In other news, I'm super excited to be reading through Russ Moore's new book, Tempted and Tried (read excerpts here and here), with a good friend. We're getting together to talk about it this week and I am stoked about it. Dr. Moore is the VP of Southern Seminary, as well as being one of the sharpest, most relatable, most theologically incisive dudes alive and writing at the moment. If you don't subscribe to his weekly podcast, The Cross and the Jukebox, you are missing out. Tempted and Tried looks to be a ripping read as well as a major encouragement.

All righty, that's all I've got. Peace out.

Friday, April 1, 2011

Monday, March 28, 2011

Lent, Day 20: IT SNOWED YESTERDAY YOU GUYS

WASN'T THAT RIDICULOUS?

(At this point, you're probably saying to yourself, "Now she's just posting so she can say she's posted something." And you'd be right.)
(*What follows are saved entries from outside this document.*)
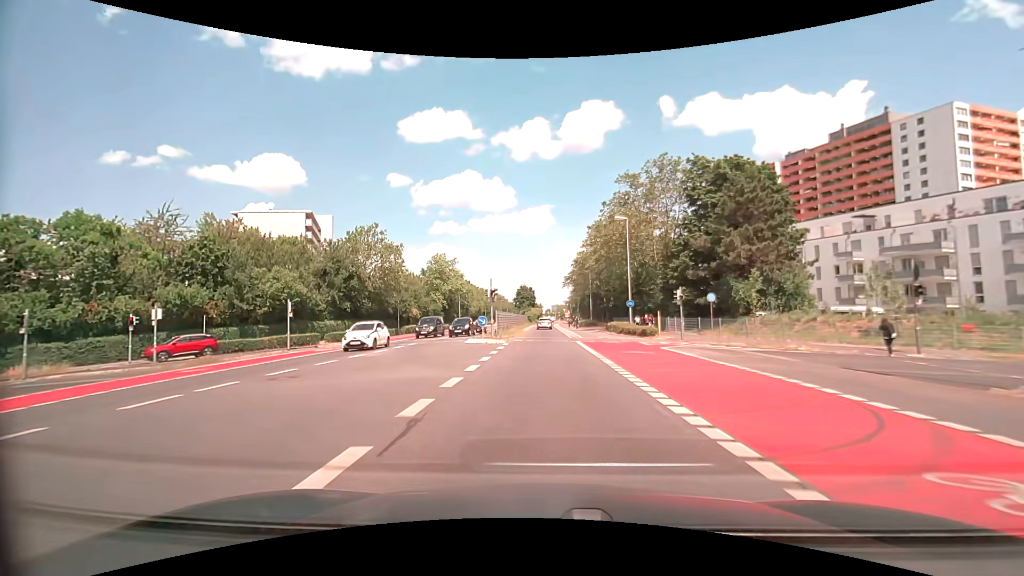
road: secondary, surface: asphalt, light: Day
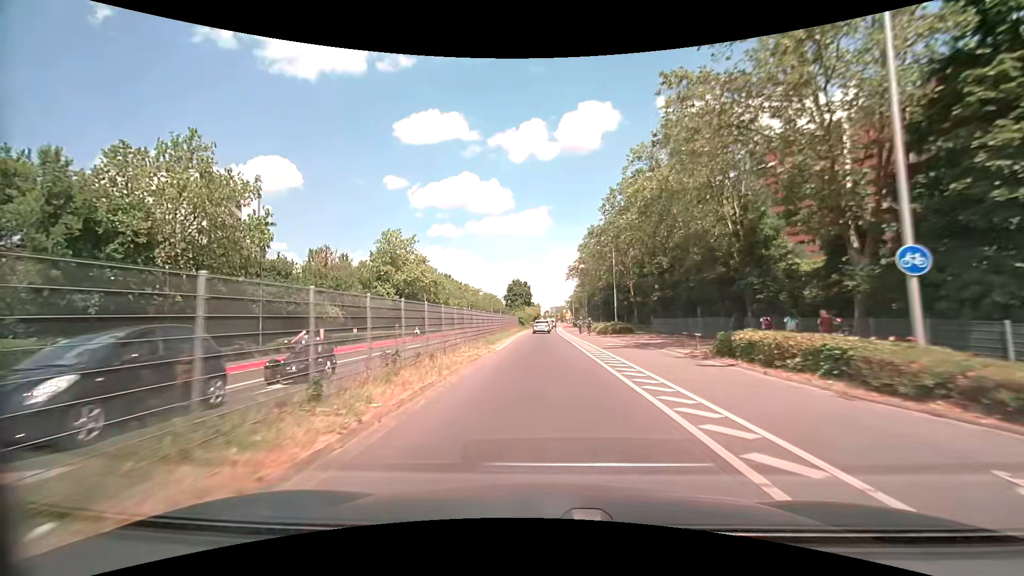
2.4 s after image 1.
(+0.1, +32.9) m; 0°
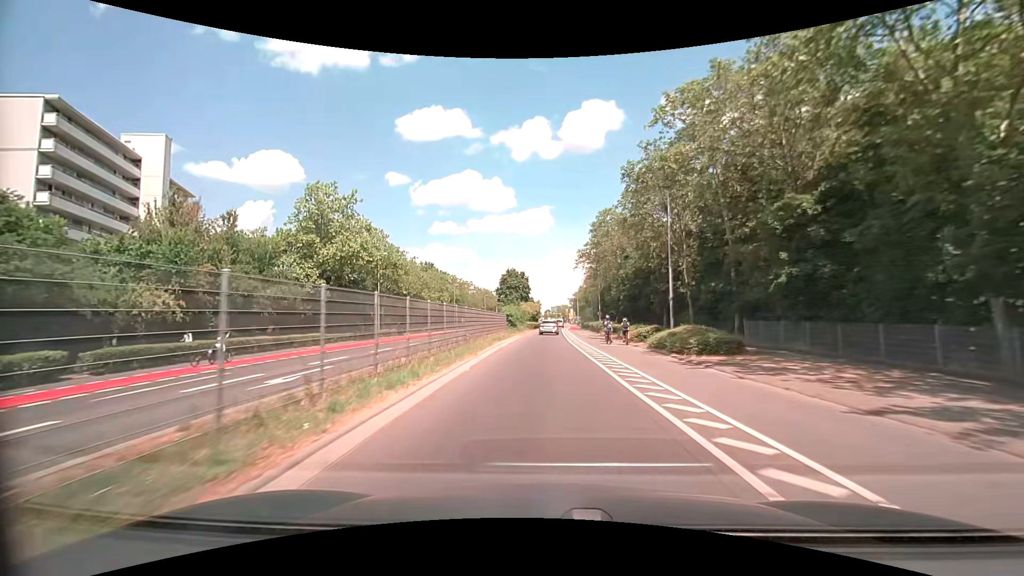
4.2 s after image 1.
(-0.1, +24.9) m; 0°
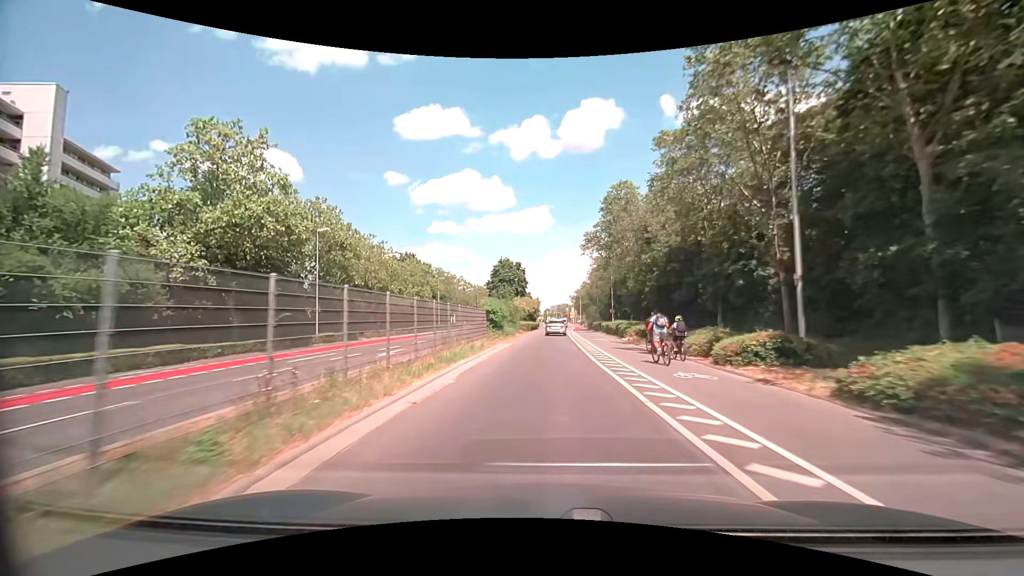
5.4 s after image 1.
(0.0, +16.7) m; 0°
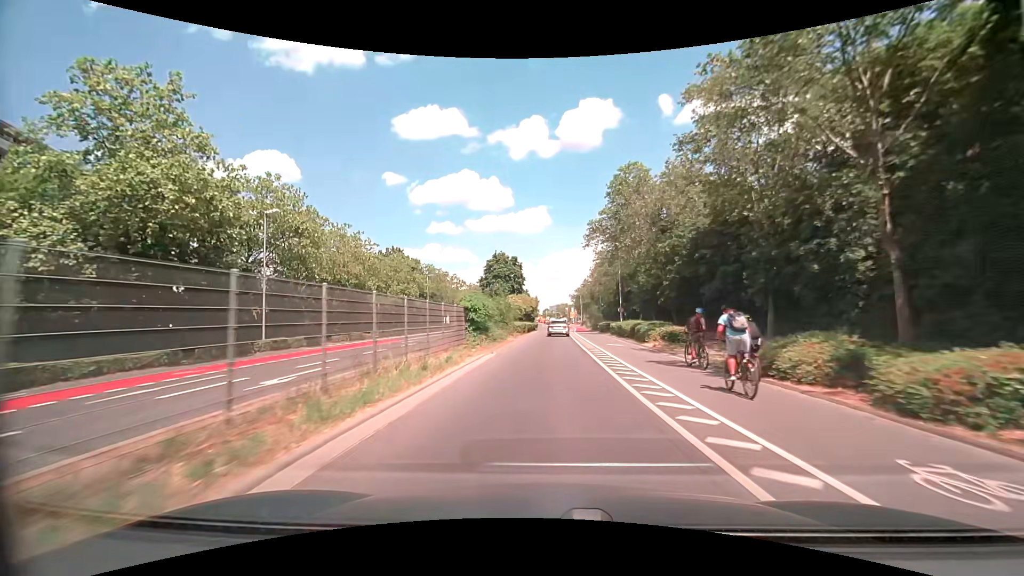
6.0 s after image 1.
(0.0, +8.3) m; 0°
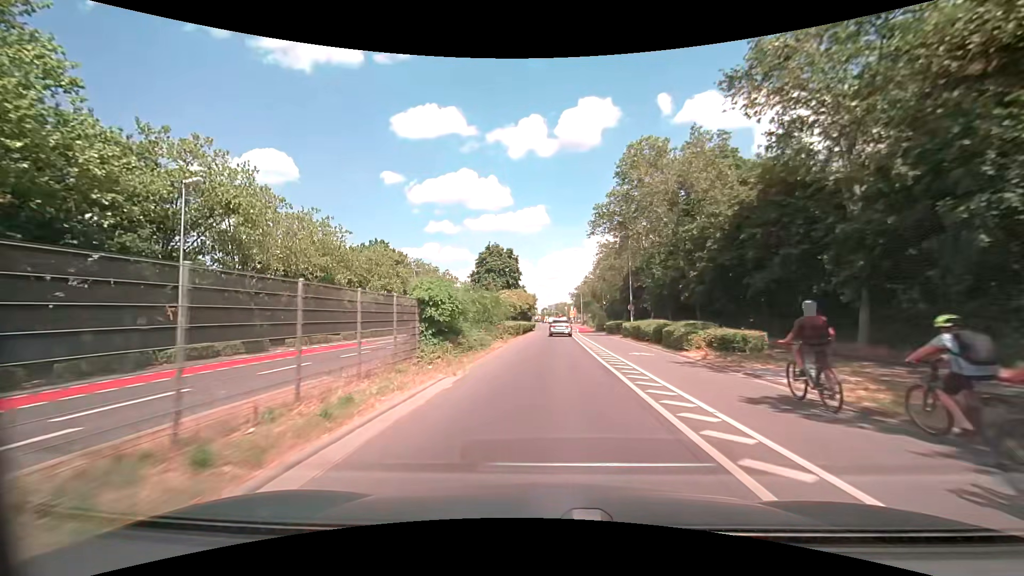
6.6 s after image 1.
(0.0, +8.3) m; 0°
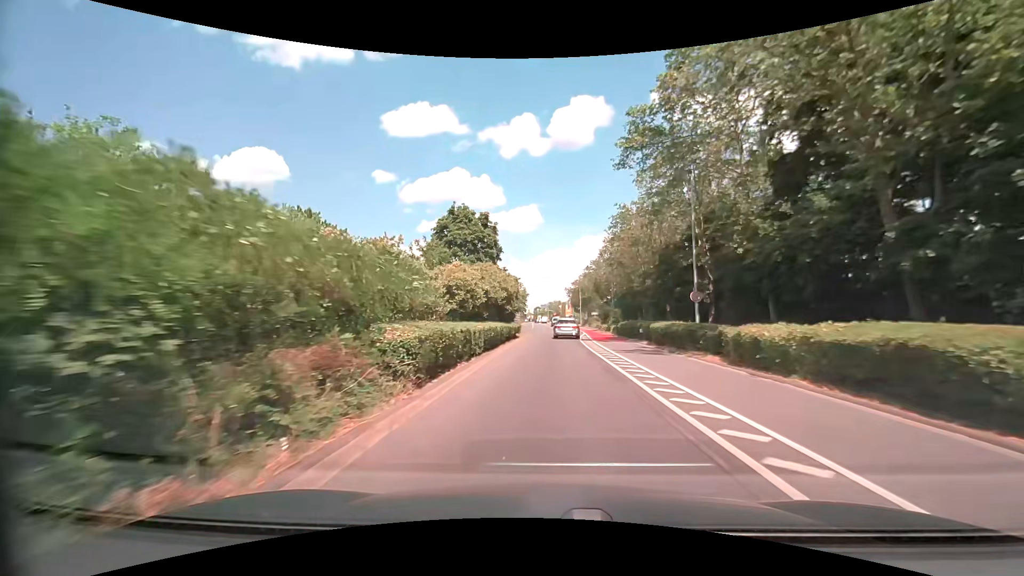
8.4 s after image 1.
(+0.2, +24.5) m; +1°
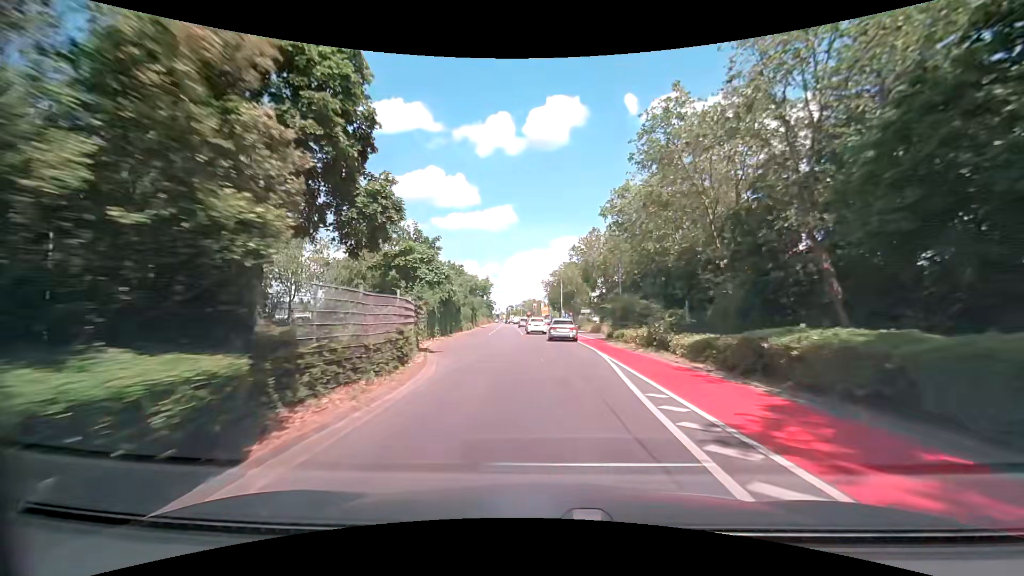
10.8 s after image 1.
(+0.6, +32.1) m; +3°
(0, +10) (0, +20) (+1, +30) (+1, +40) (+2, +50) (+3, +60) (+3, +70) (+2, +80) (+2, +90) (+1, +100) m
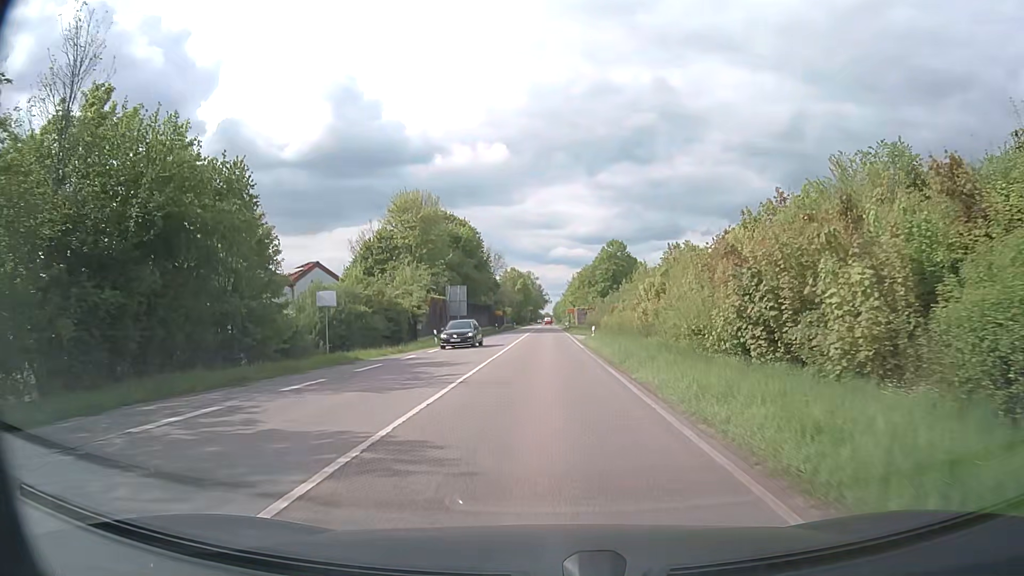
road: secondary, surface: asphalt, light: Day
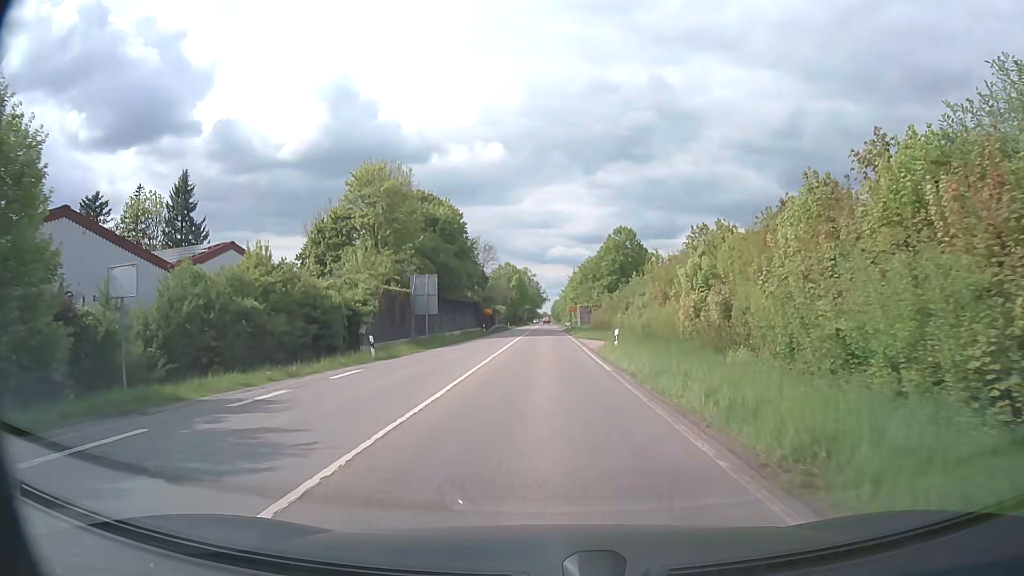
(0.0, +14.5) m; 0°
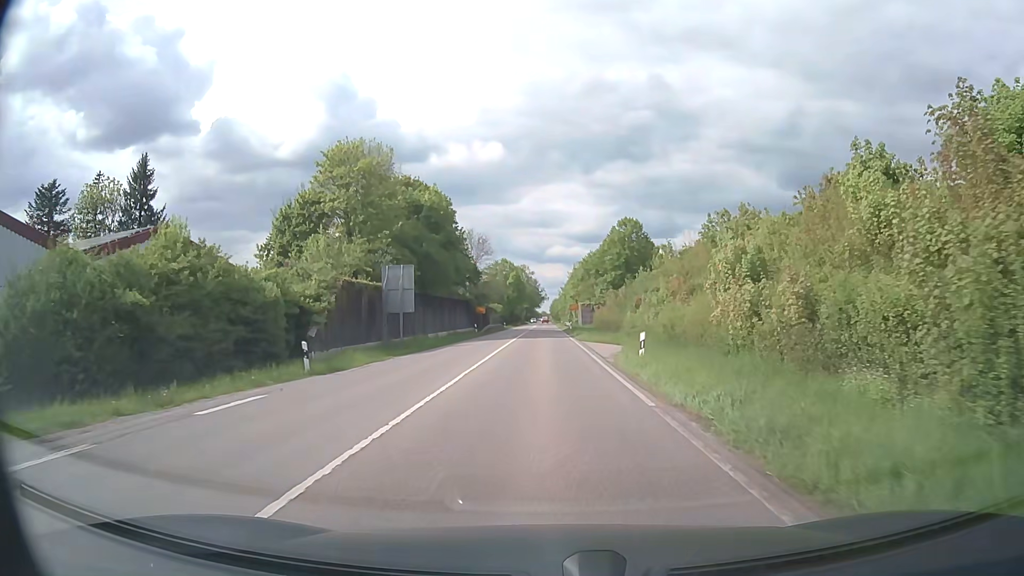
(0.0, +7.4) m; 0°
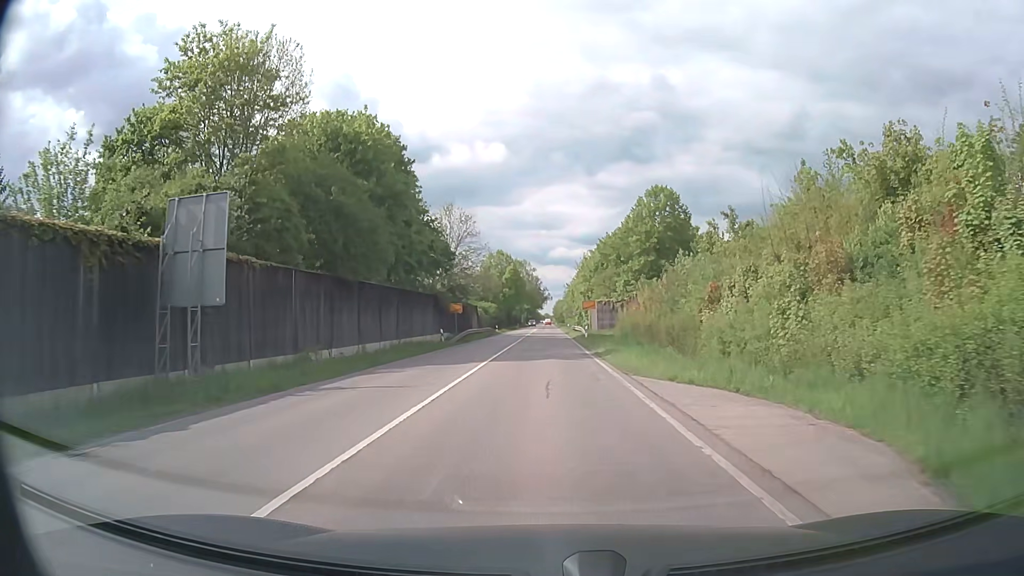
(-0.1, +22.4) m; 0°
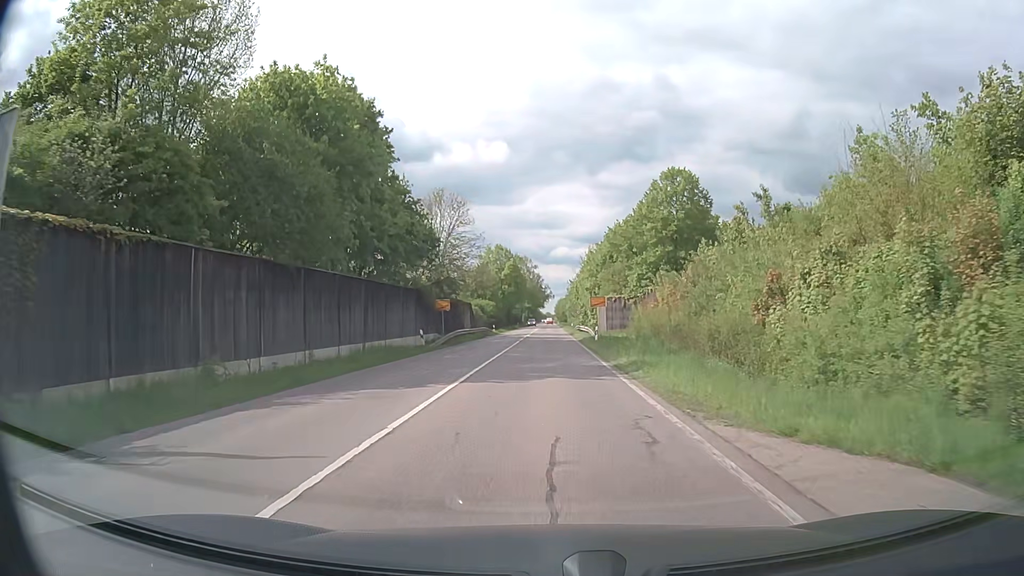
(0.0, +7.6) m; 0°
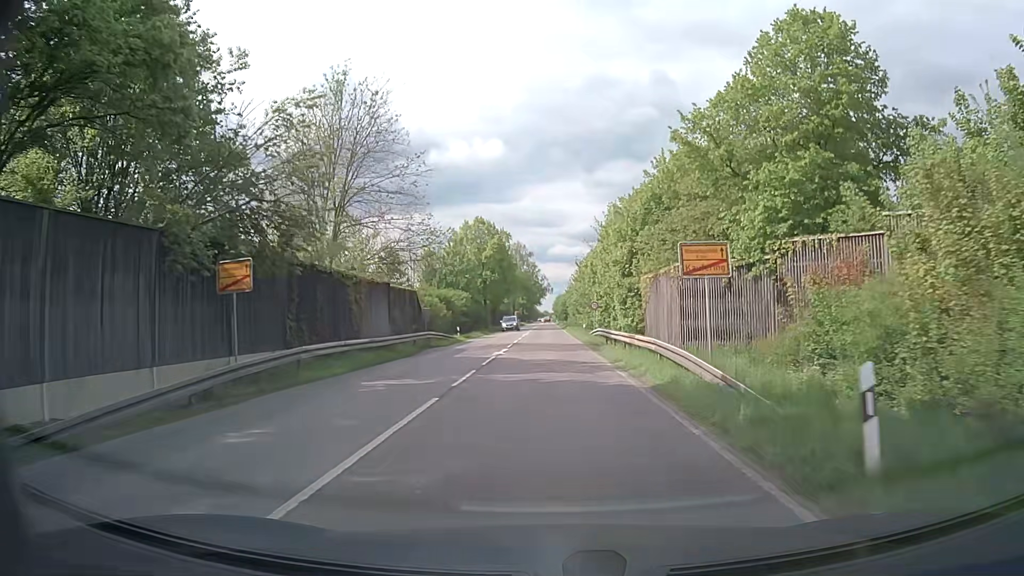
(0.0, +30.8) m; 0°
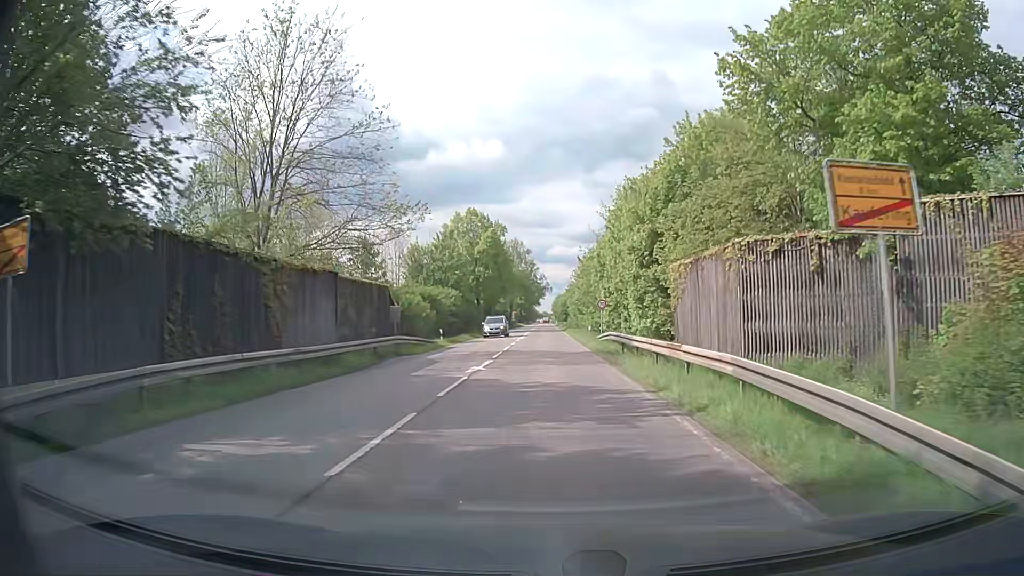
(0.0, +7.7) m; 0°
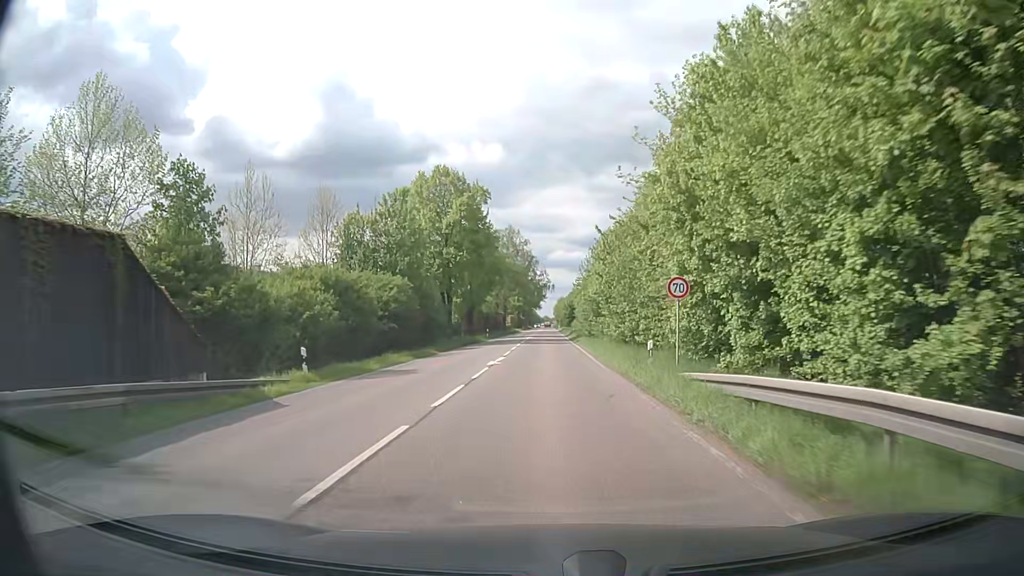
(0.0, +25.0) m; 0°
(0, +10) (0, +20) (0, +30) (0, +40) (0, +50) (0, +60) (0, +70) (0, +80) (0, +90) (0, +100) m

So also yesterday, in addition to the SNOW WHAT NO WAY THAT WAS STUPID, I came across the funniest re-telling of Sir Gawain and the Green Knight EVER (seriously, I was wiping tears and doing that thing where you go back and read bits of it aloud... to yourself... alone... in your living roo-- wait, that's just me, then?), and briefly considered linking to it but it was so crammed with bad language (the whole site was, too; this wasn't just a one-off and although I have a relatively high tolerance for language in humorous settings it was about 1000% too much) that I decided against it. But if you're ever in the mood for a Google adventure, you will know it by its trail of F-bombs and its ABSOLUTELY DEAD-ON assessment of Sir Gawain and basically the entire King Arthur mythos. It's like Kanye and Mitch Hedberg chillin' in their dorm room, getting blazed and ranting about their Brit Lit syllabus.

Yeah, that's about enough.

Friday, March 25, 2011

Lent, Day 17? Maybe? Anyway: FOOTBALL

I am RIGHT NOW watching the first Aussie Rules football game of the season. WOOOOOO!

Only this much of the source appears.